For primary key constraints, unique constraints, and check constraints, you can specify that the constraint can be trusted. For referential integrity constraints, if the constraint is not enforced, you can further specify whether the constraint can be trusted. A not-enforced and not-trusted constraint is also known as a statistical referential integrity constraint. You can specify whether a referential integrity constraint or check constraint is to be used for query optimization.
- NOT ENFORCED or ENFORCED
-
Specifies whether the constraint is enforced by the database manager during normal operations such as insert, update, or delete.
- NOT ENFORCED
-
This parameter is the default for Hadoop tables. The constraint is not enforced by the database manager. A primary key constraint or unique constraint cannot be NOT ENFORCED if there is a dependent ENFORCED referential constraint.
- TRUSTED
-
The data can be trusted to conform to the constraint. TRUSTED must be used only if the data in the table is independently known to conform to the constraint. Query results might be unpredictable if the data does not actually conform to the constraint. This is the default option.
- NOT TRUSTED
-
The data cannot be trusted to conform to the constraint. NOT TRUSTED is intended for cases where the data conforms to the constraint for most rows, but it is not independently known that all the rows or future additions will conform to the constraint. If a constraint is NOT TRUSTED and enabled for query optimization, then it will not be used to perform optimizations that depend on the data conforming completely to the constraint. NOT TRUSTED can be specified only for referential integrity constraints (SQLSTATE 42613).
- ENFORCED
-
The ENFORCED keyword is syntactically available for compatibility with the syntax for local tables (created with CREATE TABLE). However the presence of ENFORCED results in an error (SQLSTATE 42858) that indicates the operation is not supported on Hadoop tables.
- ENABLE QUERY OPTIMIZATION or DISABLE QUERY OPTIMIZATION
-
Specifies whether the constraint or functional dependency can be used for query optimization under appropriate circumstances. The default is ENABLE QUERY OPTIMIZATION.
- ENABLE QUERY OPTIMIZATION
-
The constraint is assumed to be true and can be used for query optimization.

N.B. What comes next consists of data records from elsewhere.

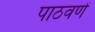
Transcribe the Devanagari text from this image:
पाठवणें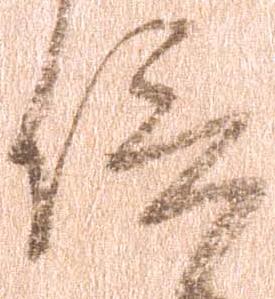
信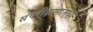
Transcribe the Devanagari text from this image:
संपरीक्षणांमध्ये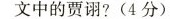
文中的贾诩?(4分)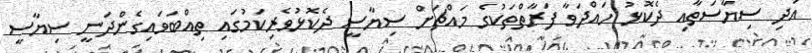
އަދި ސިޔާސަތާއި ދެކޮޅު ހައްދަވާ ފަރާތްތަކުގެ މައްޗަށް ސިޔާސީ ދެކޮޅުވެރިކަމުގައި ތިއްބަވައިގެންދަނީ ސިޔާސީ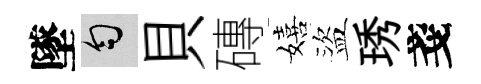
墜匀貝磚嬉盜琇戔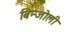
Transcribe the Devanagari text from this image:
बिन्जोली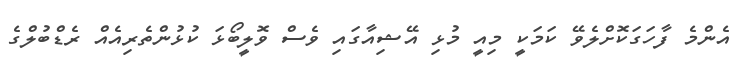
އެންމެ ފާހަގަކޮށްލެވޭ ކަމަކީ މިއީ މުޅި އޭޝިއާގައި ވެސް ވޮލީބޯޅަ ކުޅުންތެރިއެއް ރެޑްބުލްގެ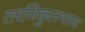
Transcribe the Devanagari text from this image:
तरणिकुलभरण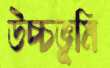
উচ্চভূমি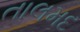
તાલમદ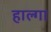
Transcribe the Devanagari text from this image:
हाल्गा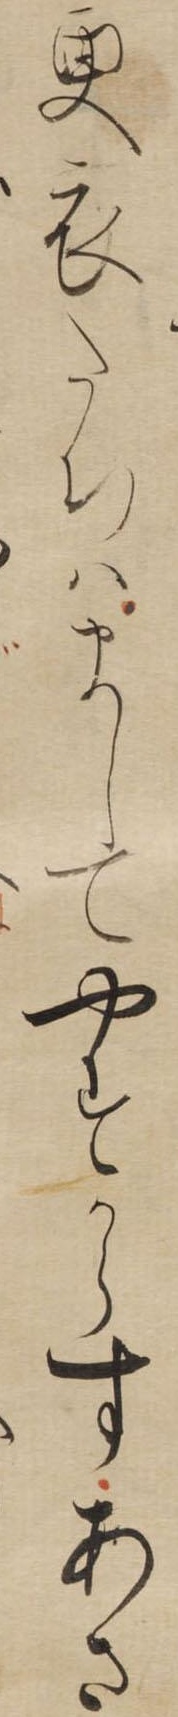
更衣たちはましてやすからすあさ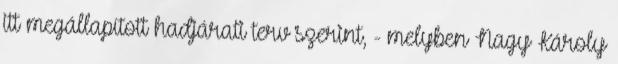
itt megállapított hadjárati terv szerint, - melyben Nagy Károly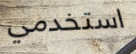
استخدمي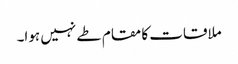
ملاقات کا مقام طے نہیں ہوا۔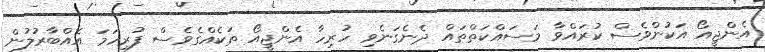
އެންޖީއޯ އަކުންވެސް ކުރައްވާ މަސައްކަތްތައް ދެނެގަނެވި ހުރިހާ އެންޖީއޯ ތަކެއްގެވެސް ފުރިހަމަ އެއްބާރުލުން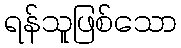
ရန်သူဖြစ်သော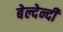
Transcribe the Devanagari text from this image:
बेल्देन्दी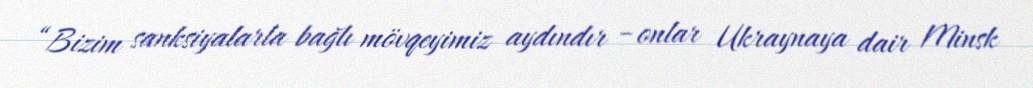
“Bizim sanksiyalarla bağlı mövqeyimiz aydındır – onlar Ukraynaya dair Minsk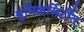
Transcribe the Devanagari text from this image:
युनिव्हर्सिर्टींत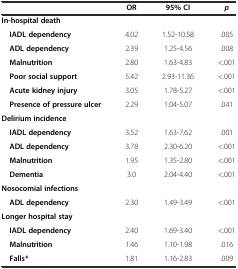
<table><thead><tr><td></td><td><b>OR</b></td><td><b>95% CI</b></td><td><b><i>p</i></b></td></tr></thead><tbody><tr><td><b>In-hospital death</b></td><td></td><td></td><td></td></tr><tr><td> <b>IADL dependency</b></td><td>4.02</td><td>1.52-10.58</td><td>.005</td></tr><tr><td> <b>ADL dependency</b></td><td>2.39</td><td>1.25-4.56</td><td>.008</td></tr><tr><td> <b>Malnutrition</b></td><td>2.80</td><td>1.63-4.83</td><td>&lt;.001</td></tr><tr><td> <b>Poor social support</b></td><td>5.42</td><td>2.93-11.36</td><td>&lt;.001</td></tr><tr><td> <b>Acute kidney injury</b></td><td>3.05</td><td>1.78-5.27</td><td>&lt;.001</td></tr><tr><td> <b>Presence of pressure ulcer</b></td><td>2.29</td><td>1.04-5.07</td><td>.041</td></tr><tr><td><b>Delirium incidence</b></td><td></td><td></td><td></td></tr><tr><td> <b>IADL dependency</b></td><td>3.52</td><td>1.63-7.62</td><td>.001</td></tr><tr><td> <b>ADL dependency</b></td><td>3.78</td><td>2.30-6.20</td><td>&lt;.001</td></tr><tr><td> <b>Malnutrition</b></td><td>1.95</td><td>1.35-2.80</td><td>&lt;.001</td></tr><tr><td> <b>Dementia</b></td><td>3.0</td><td>2.04-4.40</td><td>&lt;.001</td></tr><tr><td><b>Nosocomial infections</b></td><td></td><td></td><td></td></tr><tr><td> <b>ADL dependency</b></td><td>2.30</td><td>1.49-3.49</td><td>&lt;.001</td></tr><tr><td><b>Longer hospital stay</b></td><td></td><td></td><td></td></tr><tr><td> <b>IADL dependency</b></td><td>2.40</td><td>1.69-3.40</td><td>&lt;.001</td></tr><tr><td> <b>Malnutrition</b></td><td>1.46</td><td>1.10-1.98</td><td>.016</td></tr><tr><td> <b>Falls*</b></td><td>1.81</td><td>1.16-2.83</td><td>.009</td></tr></tbody></table>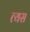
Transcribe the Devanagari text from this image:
त्यस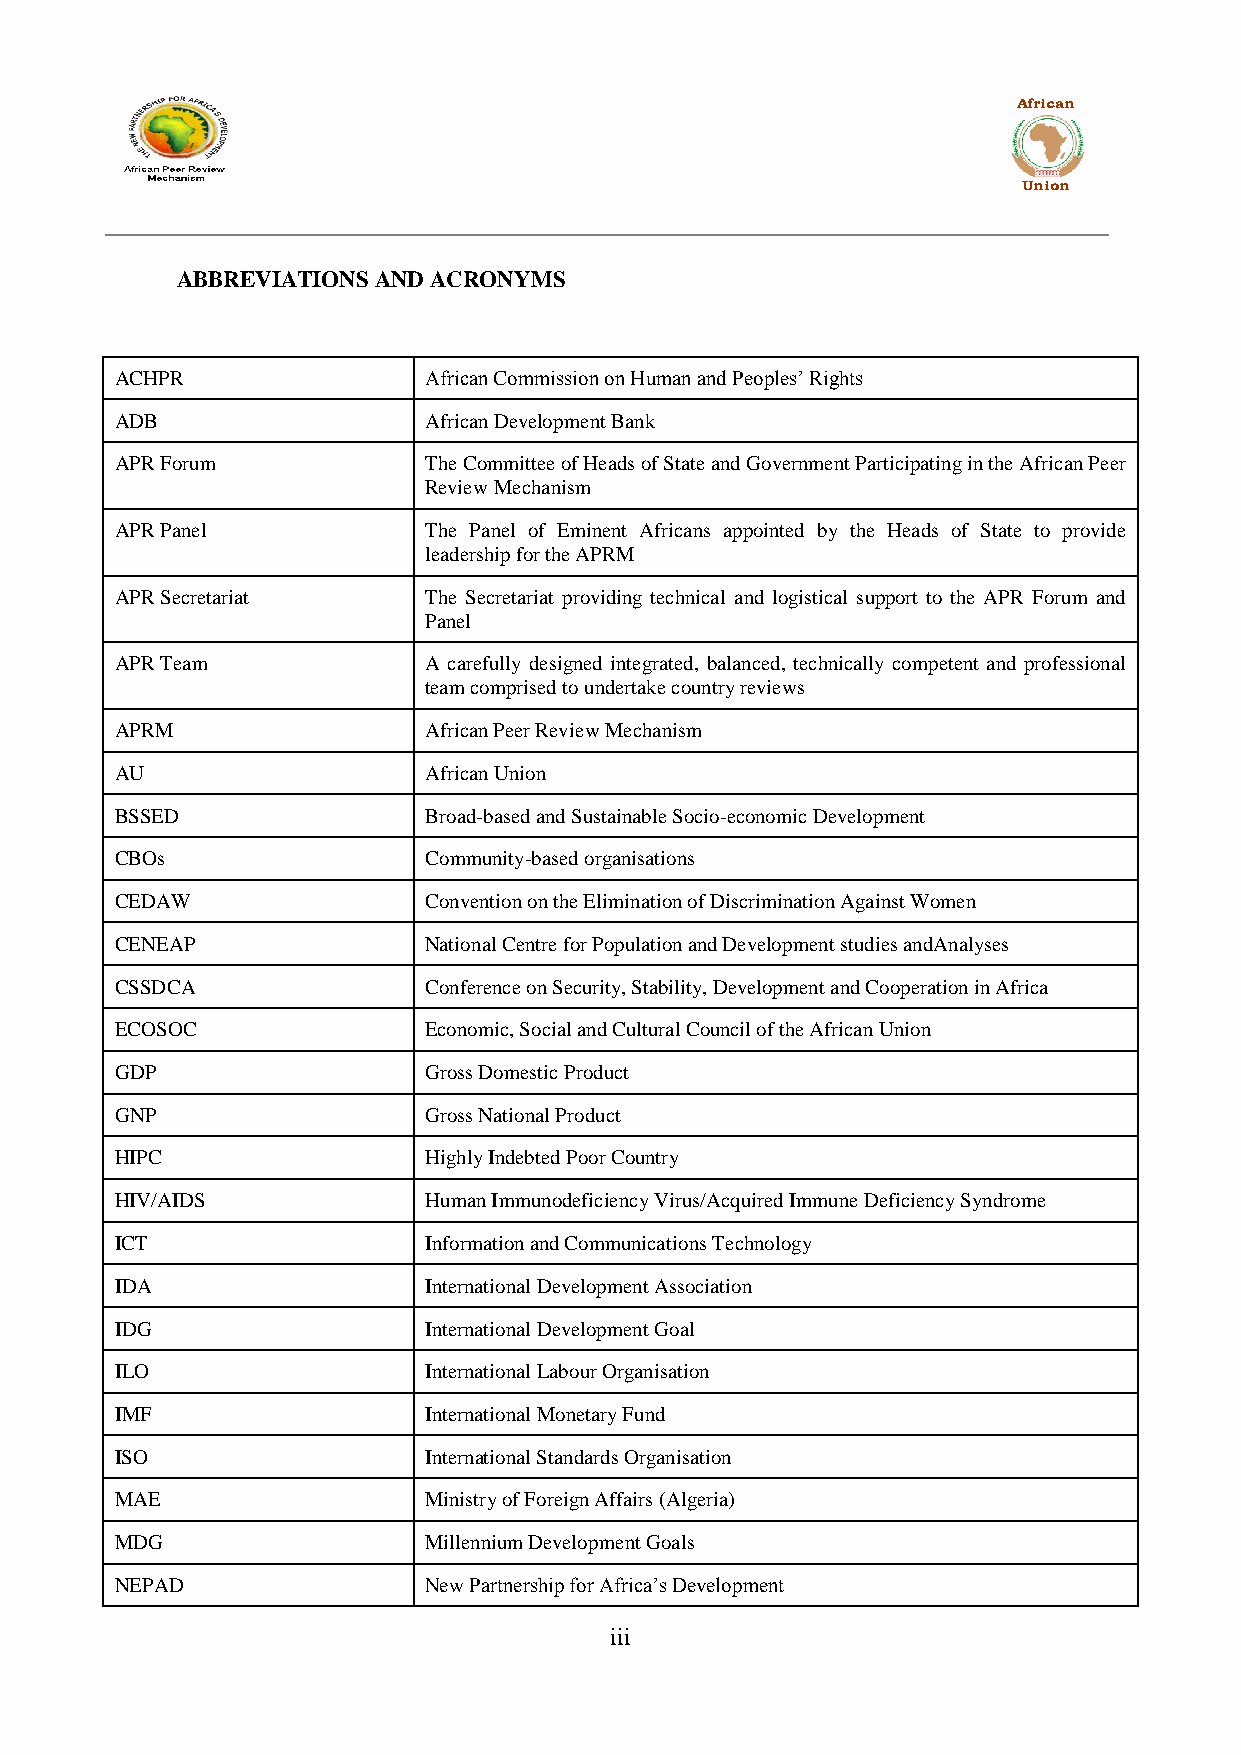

- DISABLE QUERY OPTIMIZATION
-
The constraint cannot be used for query optimization. DISABLE QUERY OPTIMIZATION cannot be specified for primary key and unique constraints (SQLSTATE 42613).
- unique-constraint
-
Provides a shorthand method of defining a unique key. This rule forbids duplicate values in one or more columns within a table. A table can have multiple unique keys. The columns that are specified in a unique constraint must be defined as NOT NULL
- referential-constraint
- Defines a referential constraint.
- CONSTRAINT constraint-name
- Names the referential constraint.
- FOREIGN KEY (column-name, ...)
-
Defines a referential constraint with the specified constraint-name.
The foreign key of the referential constraint is composed of the identified columns. Each name in the list of column names must identify a column of the object table and the same column must not be identified more than once. There must be the same number of foreign key columns as there are in the parent key and the data types of the corresponding columns must be compatible (SQLSTATE 42830).
- check-constraint
-
Defines a check constraint. A check-constraint is a search-condition that must evaluate to not false or a functional dependency that is defined between columns.
- constr-name
-
Names the check constraint.
- check-condition
-
Defines a check constraint. The search-condition must be true or unknown for every row of the table .
- COMMENT string-constant
-
A table comment as part of a table definition can be used to provide information about the table.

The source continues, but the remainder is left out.